# Need help with Sony A900



## Chirp (Aug 12, 2013)

I just inherited a Sony A900, VG-C90AM grip and HVL-F42AM flash. 

They are all like new and in the boxes. I did not get a lens. As a student money is very tight and I'm trying to figure out if I should save up for an all around lens like say 28-210 (approx) or should I sell the 900 and get a nice albeit smaller sensor camera and a couple lenses with the money. Sensor size is important to me because I will occasionally get a 20X24 print from a nice city shot or landscape, I don't know if 24MP is overkill for that. Besides if I go that route it will be a while before I can shoot anything because I don't have a G lens, just a borrowed Sigma 28-90 macro. 

Thanks for any help...


----------



## Derrel (Aug 13, 2013)

The A900 is a pretty nice camera with a huge viewfinder, and solid build and a good sensor up to ISO 400. I would NOT trade or sell it for any of the smaller APS-C Sony cameras... but then, I love a larger, high-quality viewfinder SLR type camera with a BIG viewfinder image and simple, straightforward old-school control ethos. Being younger, you might very well like a smaller,lighter, more menu-driven camera, so, the choice is really up to you. There are plenty of older Minolta-branded 35mm AF lenses on the used market. Last week I saw an immaculate Minolta 70210mm f/4 "beercan", which is even by today's standards, a fine lens. Price? $129 in a pawn shop that has a nice camera selection.


----------



## Dao (Aug 13, 2013)

The Beercan is often popup in ebay as well.


----------



## Chirp (Aug 15, 2013)

Derrel said:


> ...There are plenty of older Minolta-branded 35mm AF lenses on the used market. Last week I saw an immaculate Minolta 70210mm f/4 "beercan", which is even by today's standards, a fine lens. Price? $129 in a pawn shop that has a nice camera selection...

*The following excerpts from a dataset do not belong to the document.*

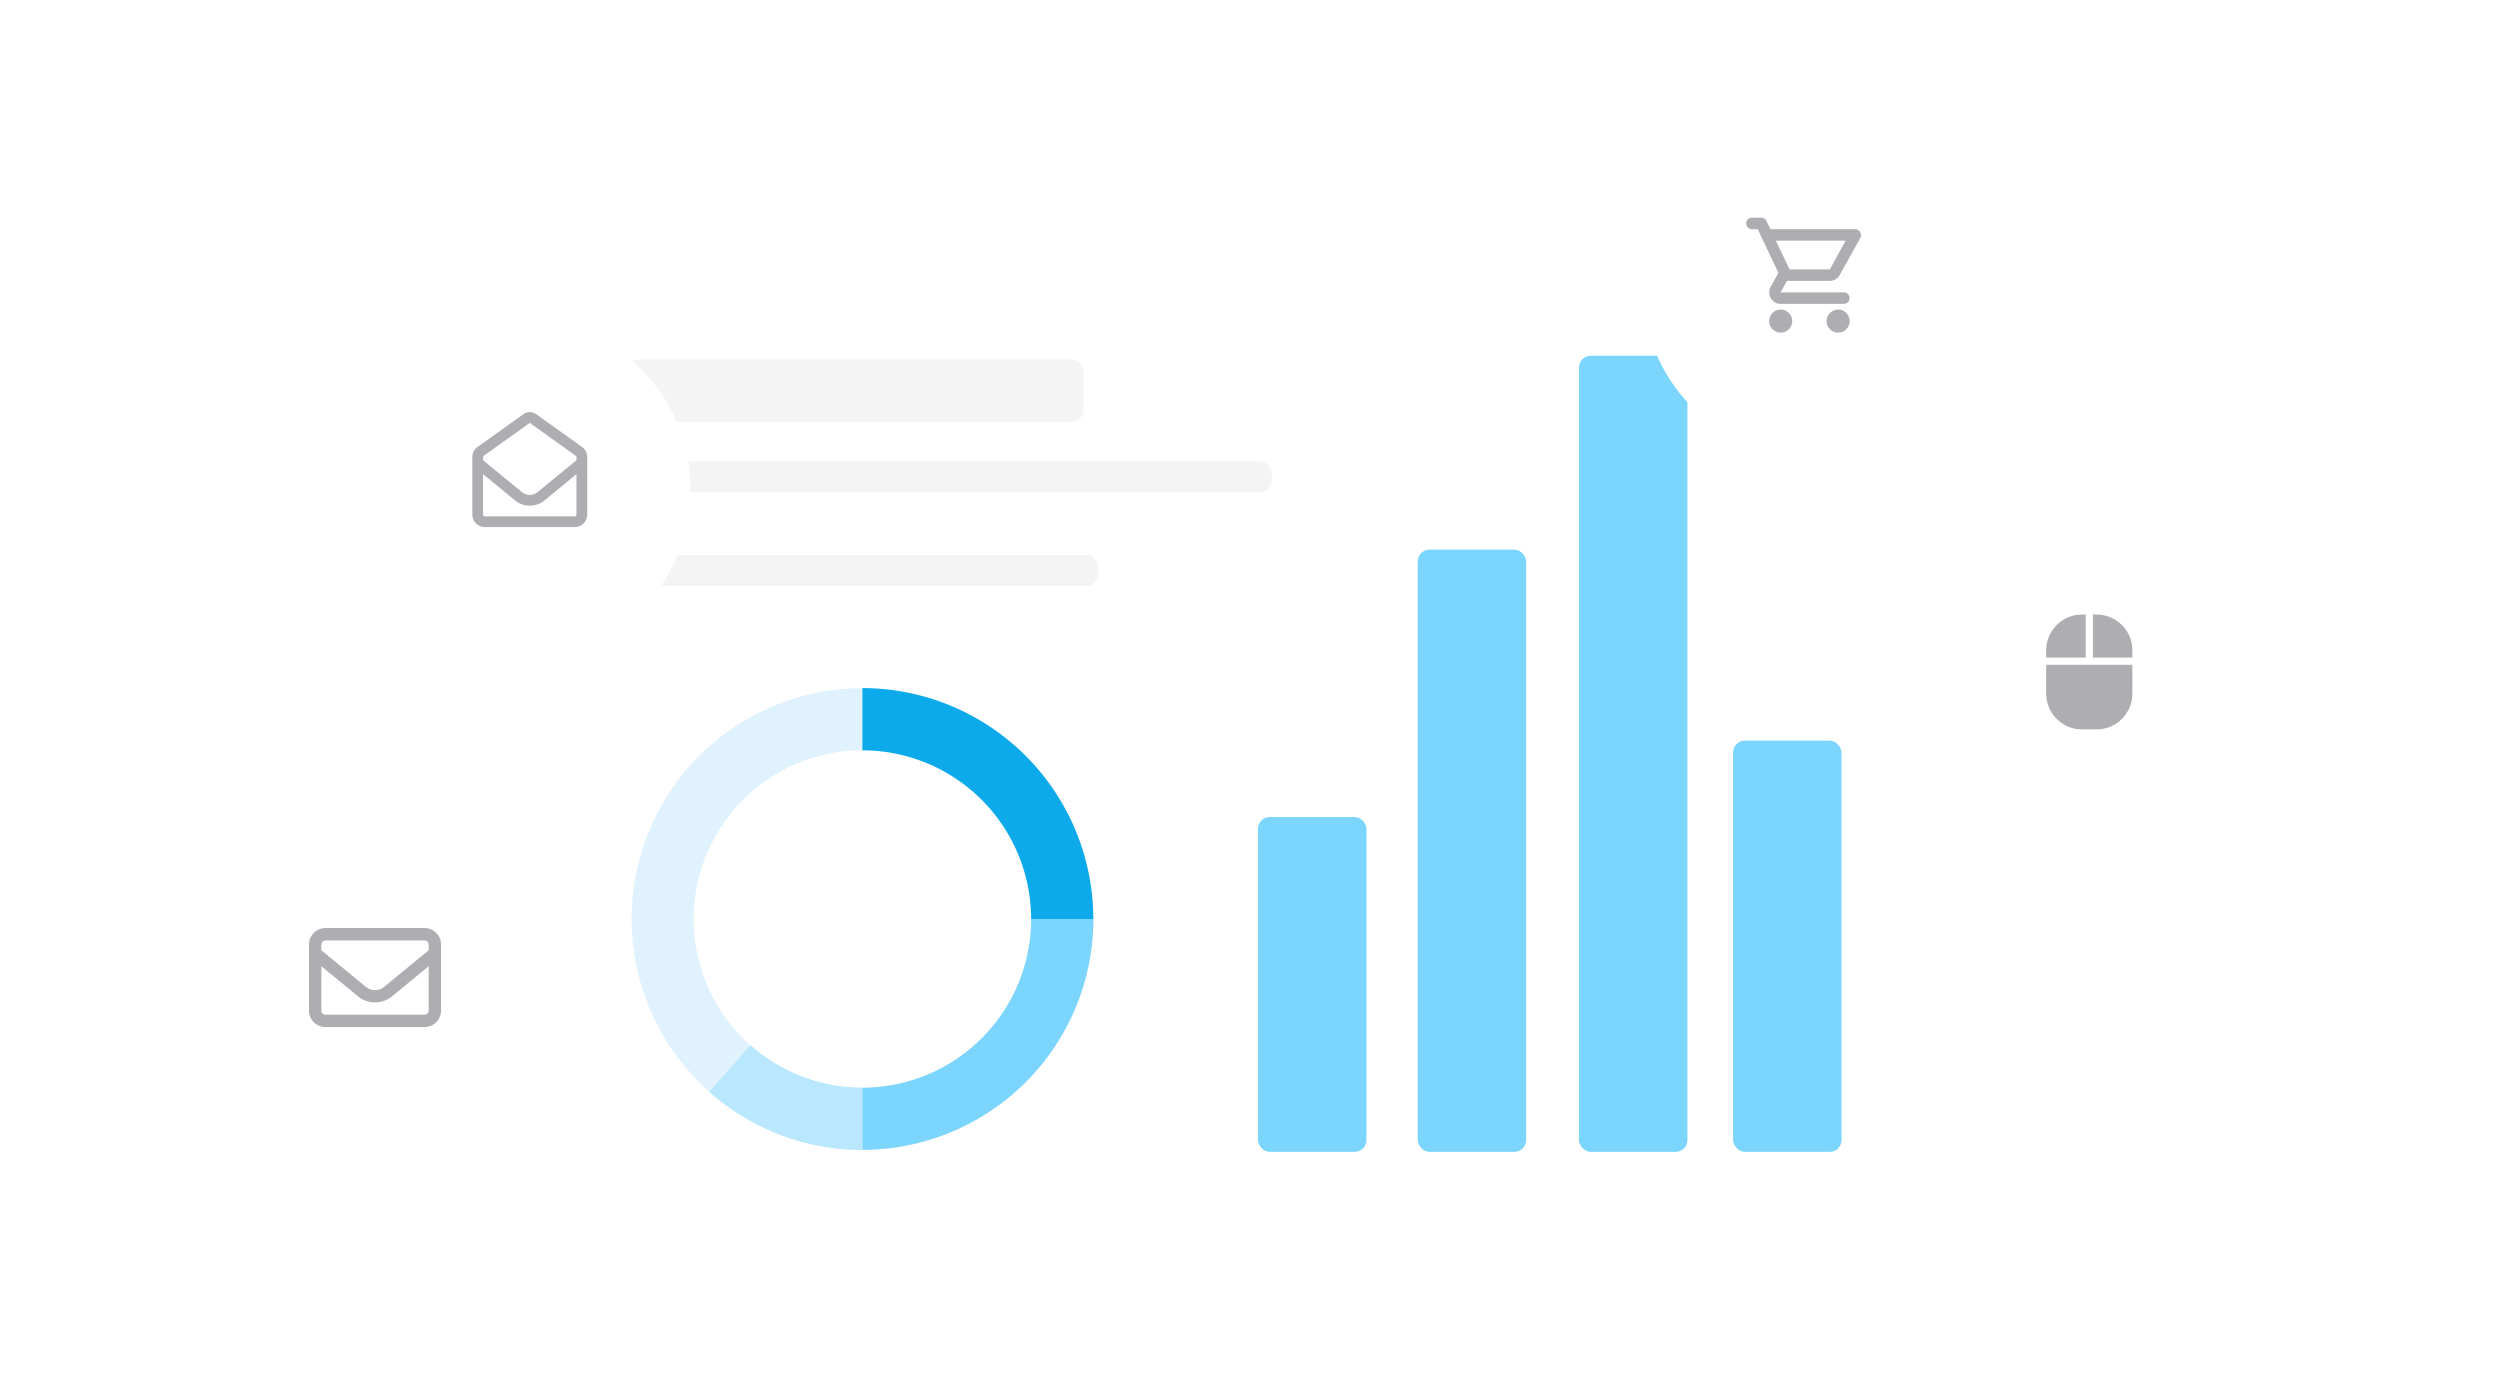 <svg xmlns="http://www.w3.org/2000/svg" xmlns:xlink="http://www.w3.org/1999/xlink" width="210" height="116" viewBox="0 0 210 116">
  <defs>
    <filter id="楕円形_1487" x="15" y="66.113" width="33" height="34" filterUnits="userSpaceOnUse">
      <feOffset dy="1" input="SourceAlpha"/>
      <feGaussianBlur stdDeviation="1" result="blur"/>
      <feFlood flood-color="#5b5b5f" flood-opacity="0.102"/>
      <feComposite operator="in" in2="blur"/>
      <feComposite in="SourceGraphic"/>
    </filter>
    <filter id="楕円形_1488" x="28" y="24.113" width="33" height="34" filterUnits="userSpaceOnUse">
      <feOffset dy="1" input="SourceAlpha"/>
      <feGaussianBlur stdDeviation="1" result="blur-2"/>
      <feFlood flood-color="#5b5b5f" flood-opacity="0.102"/>
      <feComposite operator="in" in2="blur-2"/>
      <feComposite in="SourceGraphic"/>
    </filter>
    <filter id="楕円形_1489" x="159" y="41.113" width="33" height="34" filterUnits="userSpaceOnUse">
      <feOffset dy="1" input="SourceAlpha"/>
      <feGaussianBlur stdDeviation="1" result="blur-3"/>
      <feFlood flood-color="#5b5b5f" flood-opacity="0.102"/>
      <feComposite operator="in" in2="blur-3"/>
      <feComposite in="SourceGraphic"/>
    </filter>
    <filter id="楕円形_1490" x="135" y="7.113" width="33" height="34" filterUnits="userSpaceOnUse">
      <feOffset dy="1" input="SourceAlpha"/>
      <feGaussianBlur stdDeviation="1" result="blur-4"/>
      <feFlood flood-color="#5b5b5f" flood-opacity="0.102"/>
      <feComposite operator="in" in2="blur-4"/>
      <feComposite in="SourceGraphic"/>
    </filter>
  </defs>
  <g id="グループ_60176" data-name="グループ 60176" transform="translate(-3004 -5200)">
    <path id="パス_31275" data-name="パス 31275" d="M8,0H202a8,8,0,0,1,8,8V108a8,8,0,0,1-8,8H8a8,8,0,0,1-8-8V8A8,8,0,0,1,8,0Z" transform="translate(3004 5200)" fill="none"/>
    <g id="screen_conference-3-72" transform="translate(3041.686 5201.102)">
      <rect id="長方形_20227" data-name="長方形 20227" width="126.629" height="85.012" rx="6" transform="translate(4 18)" fill="#fff"/>
      <path id="パス_30963" data-name="パス 30963" d="M110.1,241.249A19.394,19.394,0,1,1,129.5,221.854,19.415,19.415,0,0,1,110.1,241.249Zm0-33.567a14.173,14.173,0,1,0,14.173,14.173A14.188,14.188,0,0,0,110.1,207.682Z" transform="translate(-75.342 -145.757)" fill="#e0f2fe"/>
      <path id="パス_30964" data-name="パス 30964" d="M120.188,287.6a19.386,19.386,0,0,1-12.868-4.88l3.466-3.91a14.152,14.152,0,0,0,9.4,3.564V287.6Z" transform="translate(-85.426 -192.108)" fill="#b9e7fe"/>
      <path id="パス_30965" data-name="パス 30965" d="M159.458,221.848h-5.226a14.188,14.188,0,0,0-14.173-14.173V202.45a19.415,19.415,0,0,1,19.394,19.394Z" transform="translate(-105.302 -145.751)" fill="#0caaeb"/>
      <path id="パス_30966" data-name="パス 30966" d="M140.07,271.208v-5.226a14.188,14.188,0,0,0,14.173-14.173h5.226A19.415,19.415,0,0,1,140.074,271.2Z" transform="translate(-105.308 -175.717)" fill="#7cd5fd"/>
      <rect id="長方形_20229" data-name="長方形 20229" width="9.112" height="28.133" rx="1" transform="translate(67.984 67.524)" fill="#7cd5fd"/>
      <rect id="長方形_20230" data-name="長方形 20230" width="9.112" height="34.549" rx="1" transform="translate(107.892 61.107)" fill="#7cd5fd"/>
      <rect id="長方形_20231" data-name="長方形 20231" width="9.112" height="50.592" rx="1" transform="translate(81.401 45.065)" fill="#7cd5fd"/>
      <rect id="長方形_20232" data-name="長方形 20232" width="9.112" height="66.878" rx="1" transform="translate(94.946 28.778)" fill="#7cd5fd"/>
      <rect id="長方形_20233" data-name="長方形 20233" width="39.61" height="2.617" rx="1" transform="translate(14.955 45.524)" fill="#e6e6e7" opacity="0.46"/>
      <rect id="長方形_20234" data-name="長方形 20234" width="38.384" height="5.234" rx="1" transform="translate(14.955 29.1)" fill="#e6e6e7" opacity="0.46"/>
      <rect id="長方形_20235" data-name="長方形 20235" width="54.191" height="2.617" rx="1" transform="translate(14.955 37.634)" fill="#e6e6e7" opacity="0.46"/>
    </g>
    <g id="グループ_60175" data-name="グループ 60175" transform="translate(2115 3021.113)">
      <g id="グループ_6974" data-name="グループ 6974" transform="translate(-16 56)">
        <g transform="matrix(1, 0, 0, 1, 905, 2122.89)" filter="url(#楕円形_1487)">
          <ellipse id="楕円形_1487-2" data-name="楕円形 1487" cx="13.5" cy="14" rx="13.5" ry="14" transform="translate(18 68.11)" fill="#fff"/>
        </g>
        <path id="パス_30962" data-name="パス 30962" d="M540.346,299.2a.347.347,0,0,0-.347.347v.479l3.737,3.068a1.212,1.212,0,0,0,1.541,0l3.735-3.068v-.479a.347.347,0,0,0-.347-.347ZM540,301.367v3.722a.348.348,0,0,0,.347.347h8.319a.348.348,0,0,0,.347-.347v-3.722l-3.076,2.526a2.254,2.254,0,0,1-2.86,0Zm-1.04-1.824a1.388,1.388,0,0,1,1.387-1.387h8.319a1.388,1.388,0,0,1,1.387,1.387v5.547a1.388,1.388,0,0,1-1.387,1.386h-8.319a1.388,1.388,0,0,1-1.387-1.386Z" transform="translate(391.995 1902.685)" fill="#aeaeb2" stroke="rgba(0,0,0,0)" stroke-width="1"/>
      </g>
      <g id="グループ_6975" data-name="グループ 6975" transform="translate(-35 14)">
        <g transform="matrix(1, 0, 0, 1, 924, 2164.89)" filter="url(#楕円形_1488)">
          <ellipse id="楕円形_1488-2" data-name="楕円形 1488" cx="13.5" cy="14" rx="13.5" ry="14" transform="translate(31 26.11)" fill="#fff"/>
        </g>
        <path id="パス_30960" data-name="パス 30960" d="M543.107,164.249a.026.026,0,0,1,.011,0,.026.026,0,0,1,.011,0L546.976,167a.15.15,0,0,1,.065.122v.257l-3.252,2.67a1.054,1.054,0,0,1-1.34,0l-3.251-2.67v-.257a.145.145,0,0,1,.064-.122Zm-3.91,4.3,2.677,2.2a1.959,1.959,0,0,0,2.488,0l2.678-2.2v3.39a.151.151,0,0,1-.151.151h-7.542a.151.151,0,0,1-.151-.151Zm3.922-5.207a.93.93,0,0,0-.537.172l-3.846,2.749a1.053,1.053,0,0,0-.443.86v4.817a1.056,1.056,0,0,0,1.056,1.056h7.542a1.056,1.056,0,0,0,1.056-1.056V167.12a1.057,1.057,0,0,0-.442-.86l-3.848-2.749a.93.93,0,0,0-.537-.172" transform="translate(425.381 2036.167)" fill="#aeaeb2"/>
      </g>
      <g id="グループ_6976" data-name="グループ 6976" transform="translate(64 31)">
        <g transform="matrix(1, 0, 0, 1, 825, 2147.89)" filter="url(#楕円形_1489)">
          <ellipse id="楕円形_1489-2" data-name="楕円形 1489" cx="13.5" cy="14" rx="13.5" ry="14" transform="translate(162 43.11)" fill="#fff"/>
        </g>
        <path id="computer-mouse-solid" d="M0,3.62H3.318V0h-.3A3.016,3.016,0,0,0,0,3.016Zm0,.6V6.636A3.016,3.016,0,0,0,3.016,9.652H4.223A3.016,3.016,0,0,0,7.239,6.636V4.223H0Zm7.239-.6v-.6A3.016,3.016,0,0,0,4.223,0h-.3V3.62Z" transform="translate(996.881 2199.507)" fill="#aeaeb2"/>
      </g>
      <g id="グループ_6977" data-name="グループ 6977" transform="translate(6 -3)">
        <g transform="matrix(1, 0, 0, 1, 883, 2181.89)" filter="url(#楕円形_1490)">
          <ellipse id="楕円形_1490-2" data-name="楕円形 1490" cx="13.5" cy="14" rx="13.5" ry="14" transform="translate(138 9.11)" fill="#fff"/>
        </g>
        <path id="パス_30961" data-name="パス 30961" d="M42.9-870.348a.929.929,0,0,1-.682-.284.929.929,0,0,1-.284-.682.929.929,0,0,1,.284-.682.929.929,0,0,1,.682-.284.929.929,0,0,1,.682.284.929.929,0,0,1,.284.682.929.929,0,0,1-.284.682A.929.929,0,0,1,42.9-870.348Zm4.826,0a.929.929,0,0,1-.682-.284.929.929,0,0,1-.284-.682.929.929,0,0,1,.284-.682.929.929,0,0,1,.682-.284.929.929,0,0,1,.682.284.929.929,0,0,1,.284.682.929.929,0,0,1-.284.682A.929.929,0,0,1,47.722-870.348Zm-5.236-7.722,1.158,2.413h3.378l1.327-2.413Zm-.458-.965h7.118a.462.462,0,0,1,.422.247.487.487,0,0,1,.012.5L47.866-875.2a.967.967,0,0,1-.356.374.939.939,0,0,1-.489.133h-3.6l-.531.965H48.2a.467.467,0,0,1,.344.139.467.467,0,0,1,.139.344.467.467,0,0,1-.139.344.467.467,0,0,1-.344.139H42.9a.893.893,0,0,1-.82-.477.912.912,0,0,1-.024-.947l.652-1.182-1.737-3.668h-.483a.467.467,0,0,1-.344-.139.467.467,0,0,1-.139-.344.467.467,0,0,1,.139-.344.467.467,0,0,1,.344-.139h.784a.485.485,0,0,1,.253.072.45.45,0,0,1,.181.205Zm1.617,3.378h0Z" transform="translate(989.678 3080.174)" fill="#aeaeb2"/>
      </g>
    </g>
  </g>
</svg>

Thanks! Would any of these older Minolta "beercan" lenses have a mount similar to the Sony "g" that would be able to utilize the entire 24MP sensor? I'm just starting to learn about the A900 and am really still at the beginning of the learning curve...


----------



## JusLookN (Aug 26, 2013)

Chirp, most of the Minolta autofocus lenses work on all Sony's.   The A-900 is a great full frame camera, and if you inherited one, you are very lucky.  I wouldn't sell it, but the "Beercan" is a goes telephoto lens in your budget if you find one.  I would suggest trying to find also, a Minolta or Tamron 28-75 F/2.8 lens also to compliment the A900 and get you started.  Don't go looking at "G" lenses because they are very high priced.  You can manage with the Minoltas as well as Sigmas and Tamrons until you can afford the "G" and Zeiss lenses.  I have the A-900 and shoot it up to 3200 iso. It gets noisy above 800 but is pretty manageable with the right software if you shoot raw.  Good Luck!


----------